┌─ Available data

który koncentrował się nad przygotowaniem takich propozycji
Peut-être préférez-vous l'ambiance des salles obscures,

└─
┌─ Available data

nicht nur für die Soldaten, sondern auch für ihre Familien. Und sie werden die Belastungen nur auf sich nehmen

└─

### What needs to be done
Extract from the listing above the lines between the line containing "który koncentrował się" and the line containing "Peut-être préférez-vous l'ambiance", keeping both of those lines. Output nothing else.

### Exercise output
który koncentrował się nad przygotowaniem takich propozycji
Peut-être préférez-vous l'ambiance des salles obscures,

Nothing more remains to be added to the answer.